*** Opening of RECORDS FOR THIS TASK ***

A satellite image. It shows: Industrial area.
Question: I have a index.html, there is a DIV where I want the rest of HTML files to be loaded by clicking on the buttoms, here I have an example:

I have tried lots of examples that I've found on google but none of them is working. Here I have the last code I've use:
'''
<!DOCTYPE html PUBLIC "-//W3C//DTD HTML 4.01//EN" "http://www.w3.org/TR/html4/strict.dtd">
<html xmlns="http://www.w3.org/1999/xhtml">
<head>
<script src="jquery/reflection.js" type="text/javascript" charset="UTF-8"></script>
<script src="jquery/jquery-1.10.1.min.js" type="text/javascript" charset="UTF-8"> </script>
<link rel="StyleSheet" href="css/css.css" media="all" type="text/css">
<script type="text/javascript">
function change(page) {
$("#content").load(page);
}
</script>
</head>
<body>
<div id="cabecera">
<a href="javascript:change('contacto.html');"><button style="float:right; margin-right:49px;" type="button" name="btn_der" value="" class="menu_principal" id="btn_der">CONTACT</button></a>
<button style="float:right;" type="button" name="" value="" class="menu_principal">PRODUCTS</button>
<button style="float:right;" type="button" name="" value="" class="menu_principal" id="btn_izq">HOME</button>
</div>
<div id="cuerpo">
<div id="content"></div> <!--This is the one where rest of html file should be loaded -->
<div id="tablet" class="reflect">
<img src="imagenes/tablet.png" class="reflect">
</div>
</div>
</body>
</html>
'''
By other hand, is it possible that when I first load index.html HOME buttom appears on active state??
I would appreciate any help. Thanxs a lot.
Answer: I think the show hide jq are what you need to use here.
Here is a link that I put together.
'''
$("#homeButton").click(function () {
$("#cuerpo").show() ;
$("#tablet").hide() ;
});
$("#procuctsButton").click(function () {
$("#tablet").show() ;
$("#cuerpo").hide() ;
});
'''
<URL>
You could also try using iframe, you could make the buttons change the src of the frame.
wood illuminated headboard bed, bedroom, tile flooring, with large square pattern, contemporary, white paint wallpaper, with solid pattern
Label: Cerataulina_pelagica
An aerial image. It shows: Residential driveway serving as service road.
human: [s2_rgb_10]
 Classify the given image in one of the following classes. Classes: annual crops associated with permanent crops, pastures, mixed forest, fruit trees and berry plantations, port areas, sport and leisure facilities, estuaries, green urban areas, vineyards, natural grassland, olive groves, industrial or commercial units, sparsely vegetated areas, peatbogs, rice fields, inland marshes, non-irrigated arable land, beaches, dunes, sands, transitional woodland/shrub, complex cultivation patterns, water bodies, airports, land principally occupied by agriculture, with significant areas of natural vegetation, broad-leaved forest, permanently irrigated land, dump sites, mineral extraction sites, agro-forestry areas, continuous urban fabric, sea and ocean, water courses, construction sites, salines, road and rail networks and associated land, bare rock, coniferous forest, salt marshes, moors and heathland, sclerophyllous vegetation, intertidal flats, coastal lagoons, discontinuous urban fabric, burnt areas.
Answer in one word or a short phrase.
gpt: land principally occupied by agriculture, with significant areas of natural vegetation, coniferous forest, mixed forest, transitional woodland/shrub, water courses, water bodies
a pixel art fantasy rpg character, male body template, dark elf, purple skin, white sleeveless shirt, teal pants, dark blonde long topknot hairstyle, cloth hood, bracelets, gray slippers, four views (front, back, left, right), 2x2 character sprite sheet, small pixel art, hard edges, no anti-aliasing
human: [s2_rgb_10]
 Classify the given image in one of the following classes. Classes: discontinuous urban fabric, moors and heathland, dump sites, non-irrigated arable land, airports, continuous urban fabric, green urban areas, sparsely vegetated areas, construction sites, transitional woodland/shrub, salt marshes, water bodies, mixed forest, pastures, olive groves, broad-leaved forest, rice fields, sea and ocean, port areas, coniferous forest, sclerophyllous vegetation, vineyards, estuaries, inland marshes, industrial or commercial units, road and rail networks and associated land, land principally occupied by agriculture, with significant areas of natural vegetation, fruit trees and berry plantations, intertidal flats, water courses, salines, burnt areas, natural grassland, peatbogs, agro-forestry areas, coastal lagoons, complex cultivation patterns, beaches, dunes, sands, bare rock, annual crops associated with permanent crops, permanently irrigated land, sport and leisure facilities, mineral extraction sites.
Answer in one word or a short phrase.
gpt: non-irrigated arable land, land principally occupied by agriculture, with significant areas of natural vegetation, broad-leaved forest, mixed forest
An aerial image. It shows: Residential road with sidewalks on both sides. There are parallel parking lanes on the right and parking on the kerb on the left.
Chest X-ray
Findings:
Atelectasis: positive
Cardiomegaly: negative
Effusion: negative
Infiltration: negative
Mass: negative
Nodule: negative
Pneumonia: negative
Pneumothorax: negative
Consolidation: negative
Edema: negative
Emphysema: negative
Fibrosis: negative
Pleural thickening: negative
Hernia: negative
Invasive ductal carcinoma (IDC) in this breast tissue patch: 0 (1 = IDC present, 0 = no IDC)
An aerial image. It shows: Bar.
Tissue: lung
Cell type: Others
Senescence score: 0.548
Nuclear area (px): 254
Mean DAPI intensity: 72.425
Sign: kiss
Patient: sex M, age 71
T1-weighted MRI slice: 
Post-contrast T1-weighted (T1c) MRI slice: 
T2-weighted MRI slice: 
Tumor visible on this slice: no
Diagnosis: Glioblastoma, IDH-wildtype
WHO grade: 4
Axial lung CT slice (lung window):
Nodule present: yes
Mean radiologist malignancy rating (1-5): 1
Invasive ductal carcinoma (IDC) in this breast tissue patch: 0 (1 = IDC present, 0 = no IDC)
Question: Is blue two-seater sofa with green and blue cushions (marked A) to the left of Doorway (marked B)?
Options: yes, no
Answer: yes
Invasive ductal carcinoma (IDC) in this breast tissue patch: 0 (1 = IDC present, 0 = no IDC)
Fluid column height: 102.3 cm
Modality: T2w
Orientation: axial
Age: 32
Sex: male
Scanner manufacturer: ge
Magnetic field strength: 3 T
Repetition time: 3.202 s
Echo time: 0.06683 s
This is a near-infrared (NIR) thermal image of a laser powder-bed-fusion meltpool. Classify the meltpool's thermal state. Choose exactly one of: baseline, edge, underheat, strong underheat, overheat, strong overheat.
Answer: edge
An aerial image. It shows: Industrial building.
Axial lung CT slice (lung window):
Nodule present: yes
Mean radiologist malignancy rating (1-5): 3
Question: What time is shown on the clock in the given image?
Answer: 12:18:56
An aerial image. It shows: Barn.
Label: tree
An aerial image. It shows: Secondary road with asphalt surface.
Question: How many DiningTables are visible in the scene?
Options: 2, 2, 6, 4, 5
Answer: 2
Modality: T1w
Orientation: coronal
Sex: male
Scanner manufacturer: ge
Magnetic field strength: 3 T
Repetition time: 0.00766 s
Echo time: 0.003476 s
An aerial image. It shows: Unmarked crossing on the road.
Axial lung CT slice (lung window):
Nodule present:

*** Close of RECORDS FOR THIS TASK ***

Every entry is to be restated word for word, with nothing dropped.

A satellite image. It shows: Industrial area.
Question: I have a index.html, there is a DIV where I want the rest of HTML files to be loaded by clicking on the buttoms, here I have an example:

I have tried lots of examples that I've found on google but none of them is working. Here I have the last code I've use:
'''
<!DOCTYPE html PUBLIC "-//W3C//DTD HTML 4.01//EN" "http://www.w3.org/TR/html4/strict.dtd">
<html xmlns="http://www.w3.org/1999/xhtml">
<head>
<script src="jquery/reflection.js" type="text/javascript" charset="UTF-8"></script>
<script src="jquery/jquery-1.10.1.min.js" type="text/javascript" charset="UTF-8"> </script>
<link rel="StyleSheet" href="css/css.css" media="all" type="text/css">
<script type="text/javascript">
function change(page) {
$("#content").load(page);
}
</script>
</head>
<body>
<div id="cabecera">
<a href="javascript:change('contacto.html');"><button style="float:right; margin-right:49px;" type="button" name="btn_der" value="" class="menu_principal" id="btn_der">CONTACT</button></a>
<button style="float:right;" type="button" name="" value="" class="menu_principal">PRODUCTS</button>
<button style="float:right;" type="button" name="" value="" class="menu_principal" id="btn_izq">HOME</button>
</div>
<div id="cuerpo">
<div id="content"></div> <!--This is the one where rest of html file should be loaded -->
<div id="tablet" class="reflect">
<img src="imagenes/tablet.png" class="reflect">
</div>
</div>
</body>
</html>
'''
By other hand, is it possible that when I first load index.html HOME buttom appears on active state??
I would appreciate any help. Thanxs a lot.
Answer: I think the show hide jq are what you need to use here.
Here is a link that I put together.
'''
$("#homeButton").click(function () {
$("#cuerpo").show() ;
$("#tablet").hide() ;
});
$("#procuctsButton").click(function () {
$("#tablet").show() ;
$("#cuerpo").hide() ;
});
'''
<URL>
You could also try using iframe, you could make the buttons change the src of the frame.
wood illuminated headboard bed, bedroom, tile flooring, with large square pattern, contemporary, white paint wallpaper, with solid pattern
Label: Cerataulina_pelagica
An aerial image. It shows: Residential driveway serving as service road.
human: [s2_rgb_10]
 Classify the given image in one of the following classes. Classes: annual crops associated with permanent crops, pastures, mixed forest, fruit trees and berry plantations, port areas, sport and leisure facilities, estuaries, green urban areas, vineyards, natural grassland, olive groves, industrial or commercial units, sparsely vegetated areas, peatbogs, rice fields, inland marshes, non-irrigated arable land, beaches, dunes, sands, transitional woodland/shrub, complex cultivation patterns, water bodies, airports, land principally occupied by agriculture, with significant areas of natural vegetation, broad-leaved forest, permanently irrigated land, dump sites, mineral extraction sites, agro-forestry areas, continuous urban fabric, sea and ocean, water courses, construction sites, salines, road and rail networks and associated land, bare rock, coniferous forest, salt marshes, moors and heathland, sclerophyllous vegetation, intertidal flats, coastal lagoons, discontinuous urban fabric, burnt areas.
Answer in one word or a short phrase.
gpt: land principally occupied by agriculture, with significant areas of natural vegetation, coniferous forest, mixed forest, transitional woodland/shrub, water courses, water bodies
a pixel art fantasy rpg character, male body template, dark elf, purple skin, white sleeveless shirt, teal pants, dark blonde long topknot hairstyle, cloth hood, bracelets, gray slippers, four views (front, back, left, right), 2x2 character sprite sheet, small pixel art, hard edges, no anti-aliasing
human: [s2_rgb_10]
 Classify the given image in one of the following classes. Classes: discontinuous urban fabric, moors and heathland, dump sites, non-irrigated arable land, airports, continuous urban fabric, green urban areas, sparsely vegetated areas, construction sites, transitional woodland/shrub, salt marshes, water bodies, mixed forest, pastures, olive groves, broad-leaved forest, rice fields, sea and ocean, port areas, coniferous forest, sclerophyllous vegetation, vineyards, estuaries, inland marshes, industrial or commercial units, road and rail networks and associated land, land principally occupied by agriculture, with significant areas of natural vegetation, fruit trees and berry plantations, intertidal flats, water courses, salines, burnt areas, natural grassland, peatbogs, agro-forestry areas, coastal lagoons, complex cultivation patterns, beaches, dunes, sands, bare rock, annual crops associated with permanent crops, permanently irrigated land, sport and leisure facilities, mineral extraction sites.
Answer in one word or a short phrase.
gpt: non-irrigated arable land, land principally occupied by agriculture, with significant areas of natural vegetation, broad-leaved forest, mixed forest
An aerial image. It shows: Residential road with sidewalks on both sides. There are parallel parking lanes on the right and parking on the kerb on the left.
Chest X-ray
Findings:
Atelectasis: positive
Cardiomegaly: negative
Effusion: negative
Infiltration: negative
Mass: negative
Nodule: negative
Pneumonia: negative
Pneumothorax: negative
Consolidation: negative
Edema: negative
Emphysema: negative
Fibrosis: negative
Pleural thickening: negative
Hernia: negative
Invasive ductal carcinoma (IDC) in this breast tissue patch: 0 (1 = IDC present, 0 = no IDC)
An aerial image. It shows: Bar.
Tissue: lung
Cell type: Others
Senescence score: 0.548
Nuclear area (px): 254
Mean DAPI intensity: 72.425
Sign: kiss
Patient: sex M, age 71
T1-weighted MRI slice: 
Post-contrast T1-weighted (T1c) MRI slice: 
T2-weighted MRI slice: 
Tumor visible on this slice: no
Diagnosis: Glioblastoma, IDH-wildtype
WHO grade: 4
Axial lung CT slice (lung window):
Nodule present: yes
Mean radiologist malignancy rating (1-5): 1
Invasive ductal carcinoma (IDC) in this breast tissue patch: 0 (1 = IDC present, 0 = no IDC)
Question: Is blue two-seater sofa with green and blue cushions (marked A) to the left of Doorway (marked B)?
Options: yes, no
Answer: yes
Invasive ductal carcinoma (IDC) in this breast tissue patch: 0 (1 = IDC present, 0 = no IDC)
Fluid column height: 102.3 cm
Modality: T2w
Orientation: axial
Age: 32
Sex: male
Scanner manufacturer: ge
Magnetic field strength: 3 T
Repetition time: 3.202 s
Echo time: 0.06683 s
This is a near-infrared (NIR) thermal image of a laser powder-bed-fusion meltpool. Classify the meltpool's thermal state. Choose exactly one of: baseline, edge, underheat, strong underheat, overheat, strong overheat.
Answer: edge
An aerial image. It shows: Industrial building.
Axial lung CT slice (lung window):
Nodule present: yes
Mean radiologist malignancy rating (1-5): 3
Question: What time is shown on the clock in the given image?
Answer: 12:18:56
An aerial image. It shows: Barn.
Label: tree
An aerial image. It shows: Secondary road with asphalt surface.
Question: How many DiningTables are visible in the scene?
Options: 2, 2, 6, 4, 5
Answer: 2
Modality: T1w
Orientation: coronal
Sex: male
Scanner manufacturer: ge
Magnetic field strength: 3 T
Repetition time: 0.00766 s
Echo time: 0.003476 s
An aerial image. It shows: Unmarked crossing on the road.
Axial lung CT slice (lung window):
Nodule present:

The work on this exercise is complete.